Mermaid Song Lyrics — Aspects of Love
Mermaid Song Lyrics
I am a mermaid
With golden hair...
ALEX:
I've never seen one like you!
JENNY:
Not all us mermaids
Have silver tails --
I have no tail at all!
ALEX:
Well, I've never,
Seen any mermaids
With knobbly knees!
I'd say this tale
Was a touch too tall,
Maybe a touch too tall...
JENNY:
Sailors would smash on
My jagged rock,
Lured by my siren's song...
ALEX:
It isn't the
Song of the siren
That tortures men --
That's where your theory
Goes sadly wrong,
That's where it all goes wrong...
JENNY:
I thought you'd know better,
You know nothing
About mermaids.
ALEX: (wry)
You know nothing
About sailors...
JENNY:
I do!
Much more than you!
If you were a sailor
And heard my song,
Would you be lured by me?
ALEX:
I wouldn't be
Foolish enough to
Go near your rock --
I'd steer my galleon out to sea...
BOTH:
...Lonely and lost at sea...
Song Overview
Review and Highlights
Quick summary
- Where it sits: Act II at George's house in Pau - a short scene-song that nudges the story from polite family air to something riskier.
- Who drives it: Jenny leads, with Alex pulled into her orbit and George hovering close enough to make every line feel supervised.
- What it sounds like: A lilting, storybook swing - half lullaby, half flirtation.
- Recording footprint: On the 1989 original London cast recording, it runs about two minutes - small, sharp, and placed for maximum trouble.
Aspects of Love (1989) - stage musical - not. Act II, at George's villa in Pau, after a family passage where conversation tries to stay civil while feelings refuse to cooperate. Cast album placement: Disc 2, Track 10 (about 2:00). Why it matters: the show lets Jenny test the room - and lets the room fail the test in slow motion.
It is easy to miss this number on a first pass because it is short and almost disarmingly pretty. That is the trick. Webber writes a melody that rocks like a bedtime tale, then has Jenny use it like a flashlight pointed straight at adult nerves. She is not belting a declaration - she is playing, teasing, shaping the air.
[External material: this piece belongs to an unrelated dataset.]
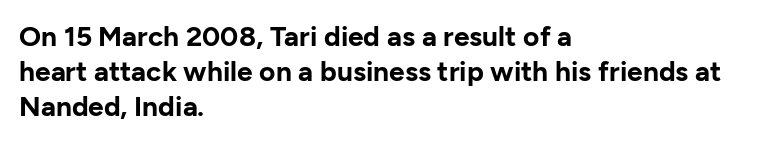
Every character sits straight up, as roman type does. Look at the stroke-to-counter ratio: heavy, a bold. Honestly, the letter spacing is just normal — you wouldn't notice it. How would I describe the line gaps? Plain and ordinary.

The tune does the smiling; the situation does not.
Key takeaways
- Innocence as strategy: Jenny performs childlike wonder, but the subtext is older than she is.
- A gentle rhythm with teeth: The sway softens the moment so the boundary-crossing can slip by without a loud alarm.
- Triangular tension: Alex is drawn in, George is present, and the audience is invited to feel that discomfort without a sermon.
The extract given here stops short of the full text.